Berlin, the new Tel Aviv

"You’ve never experienced a city like this one before,” they say. Berlin is the European city of choice for Israelis. Above and beyond bitter remembrances of expulsion and extermination, what they seek there now is, first and foremost, fun.

Published on 7 September 2010 at 13:48
Berlin Meschugge  | Flyers for events organised by Berlin Meschugge

Amit and Eynat Sonnenfeld are lugging seven plastic bags through the city; they’re visibly perspiring, but now is not the time for a coffee or ice cream break: they’re in a hurry. The air is warm and humid, as in Tel Aviv. People are pushing and shoving their way through the throng on the narrow pavement at Hackescher Markt. The couple wish they could get away from the crunch, but Eynat Sonnenfeld stops and fishes a slip of paper out of her pocket. This is her to-do list, with two items on it for today: “Birkenstocks” and “Sachsenhausen”, the former concentration camp near Oranienburg.

Amit Sonnenfeld swears by Birkenstocks. The company runs poster ads in Israel saying “Made in Germany”. But since the shoes are more expensive down there than in Germany, Amit Sonnenfeld goes ahead and buys three pairs at one fell swoop. Then he wonders whether he’d look funny walking through the concentration camp memorial toting Birkenstock and Zara bags.

Number of Israeli tourists staying in Berlin hotels has quintupled

Amit Sonnenfeld runs a balloon factory; his wife is a “therapeutic clown”, visiting children with cancer in intensive care units. This is their first holiday in a long time and their first trip ever to Germany. Eynat Sonnenfeld is thrilled: “Berlin is so colourful! It has nothing to do with the image of Germany I grew up with.” Her husband says, “I have a hard time imagining my father being deported from here to Sachsenhausen.”

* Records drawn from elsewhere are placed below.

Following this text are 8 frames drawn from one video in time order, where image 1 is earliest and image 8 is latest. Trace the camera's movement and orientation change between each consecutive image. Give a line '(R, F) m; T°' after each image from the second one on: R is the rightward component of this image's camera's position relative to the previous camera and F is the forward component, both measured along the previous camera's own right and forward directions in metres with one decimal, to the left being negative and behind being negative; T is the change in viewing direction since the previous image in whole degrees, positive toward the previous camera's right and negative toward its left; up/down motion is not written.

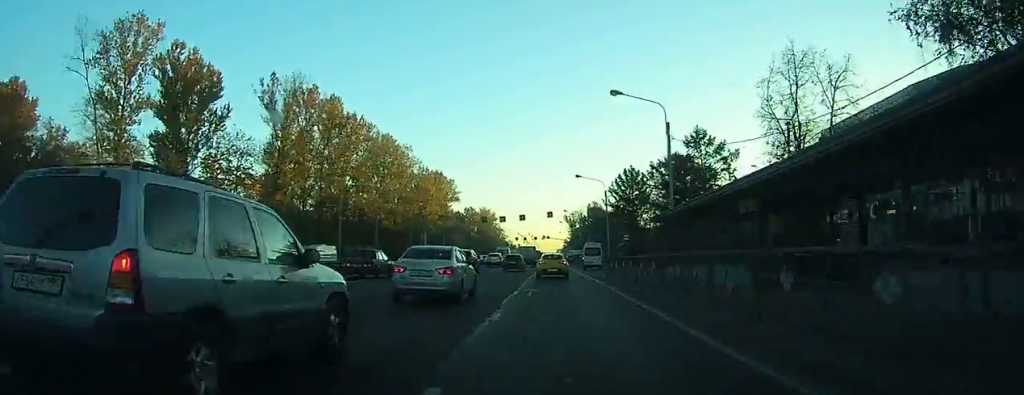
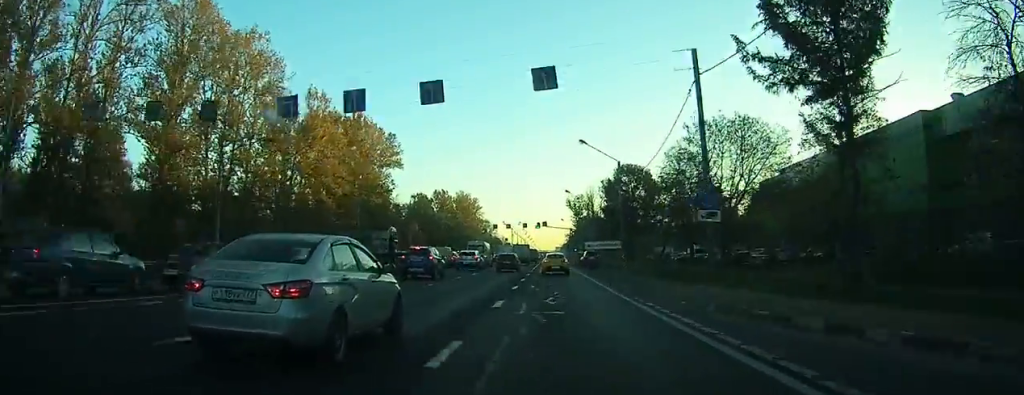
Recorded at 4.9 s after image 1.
(+0.1, +71.5) m; -1°
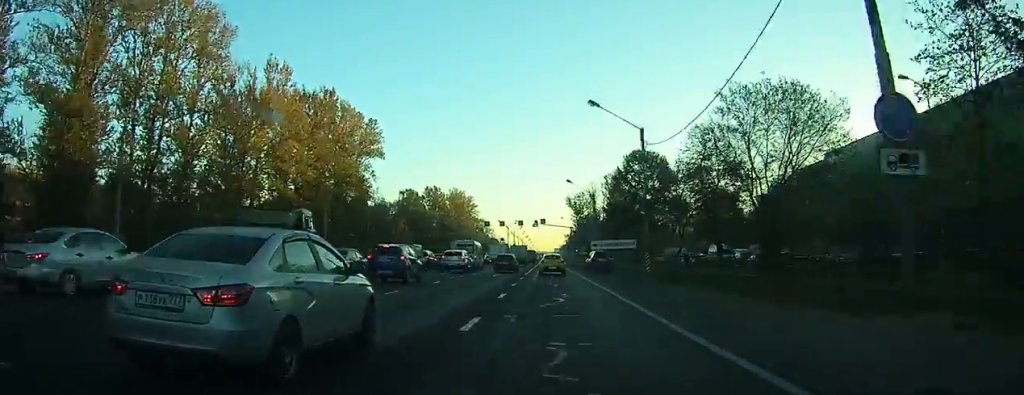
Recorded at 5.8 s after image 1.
(0.0, +12.3) m; 0°
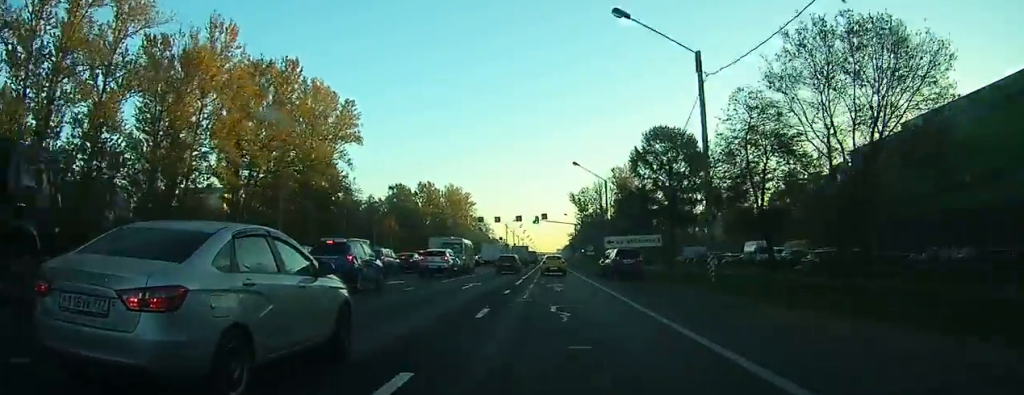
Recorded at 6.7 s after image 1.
(0.0, +13.2) m; 0°
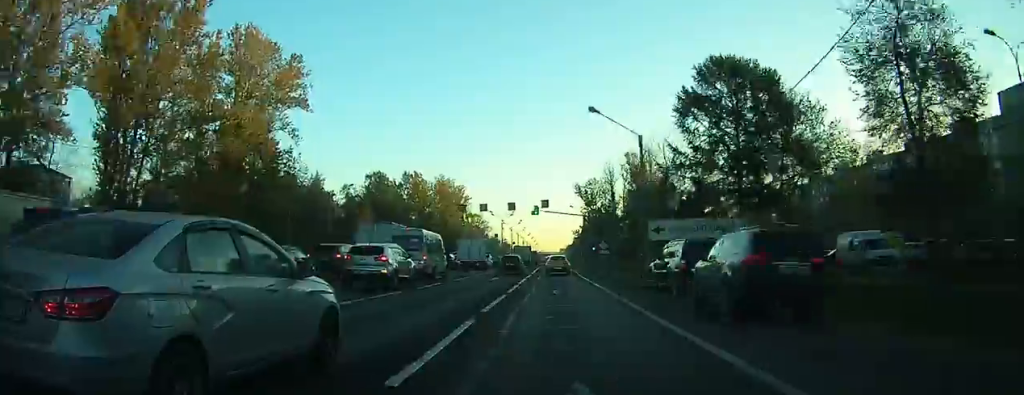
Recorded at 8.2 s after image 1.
(0.0, +21.0) m; 0°
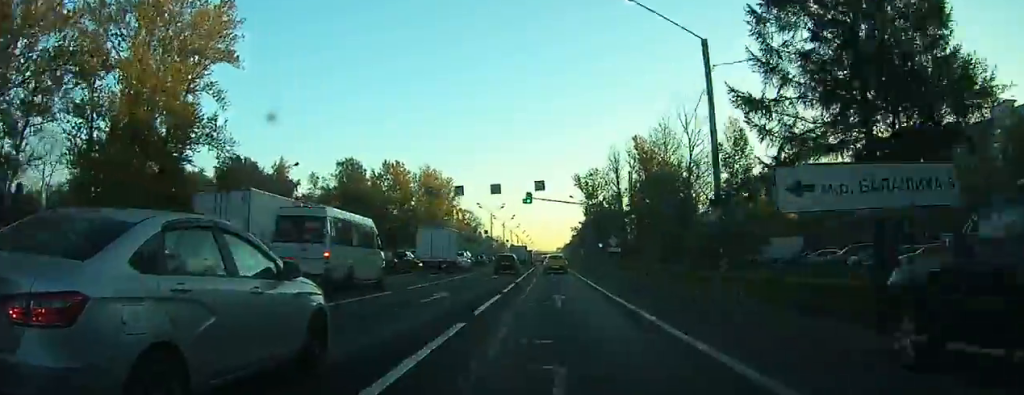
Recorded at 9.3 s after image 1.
(0.0, +16.6) m; 0°
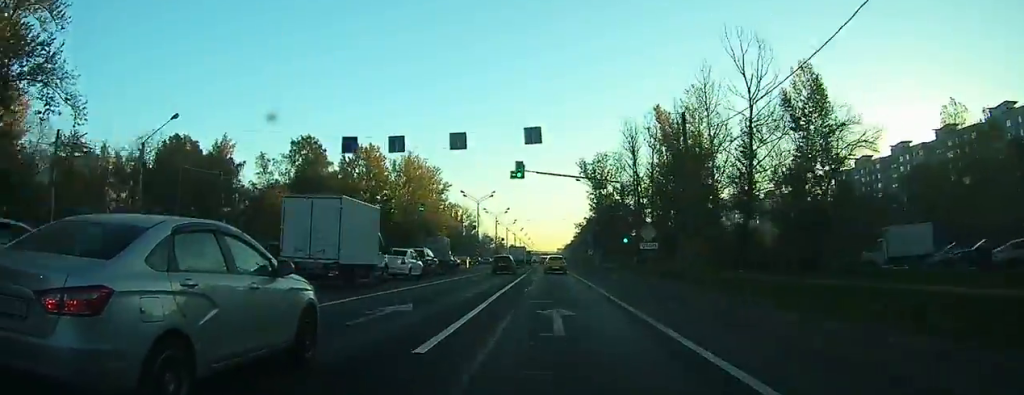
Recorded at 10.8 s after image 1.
(0.0, +23.3) m; 0°
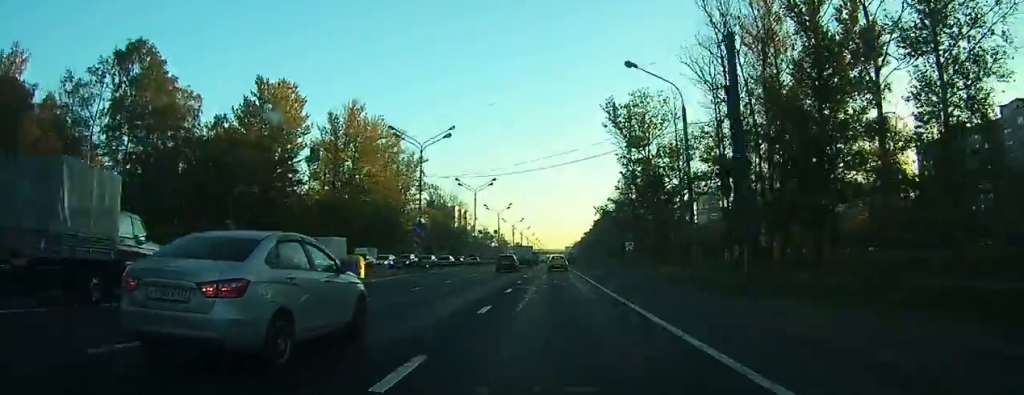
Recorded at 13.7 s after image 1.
(-0.2, +46.9) m; -1°
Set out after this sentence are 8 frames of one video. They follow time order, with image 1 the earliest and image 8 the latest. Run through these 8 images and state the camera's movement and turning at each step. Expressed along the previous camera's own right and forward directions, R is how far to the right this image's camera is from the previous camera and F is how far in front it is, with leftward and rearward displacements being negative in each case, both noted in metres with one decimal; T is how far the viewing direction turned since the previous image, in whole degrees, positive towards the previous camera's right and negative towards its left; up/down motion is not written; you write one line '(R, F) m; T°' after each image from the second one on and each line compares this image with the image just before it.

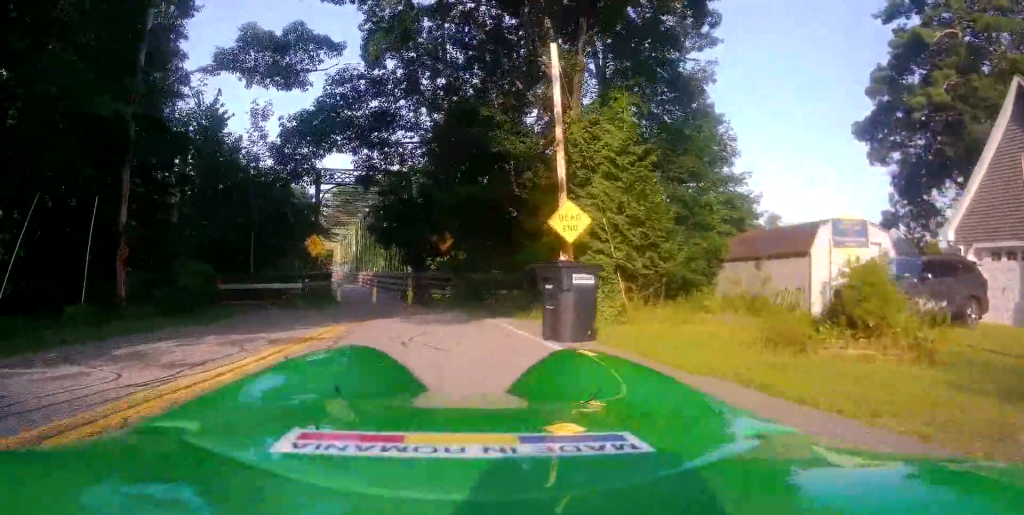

Berlin is booming in the holy land. There are vintage shops in Tel Aviv called “Salon Berlin”, German courses at the Goethe-Instituts in Tel Aviv and Jerusalem are booked solid. Five years ago there was only one non-stop flight from Tel Aviv and Berlin, today there are sometimes three on a single day. Lufthansa has four widebody aircraft flying daily to Germany.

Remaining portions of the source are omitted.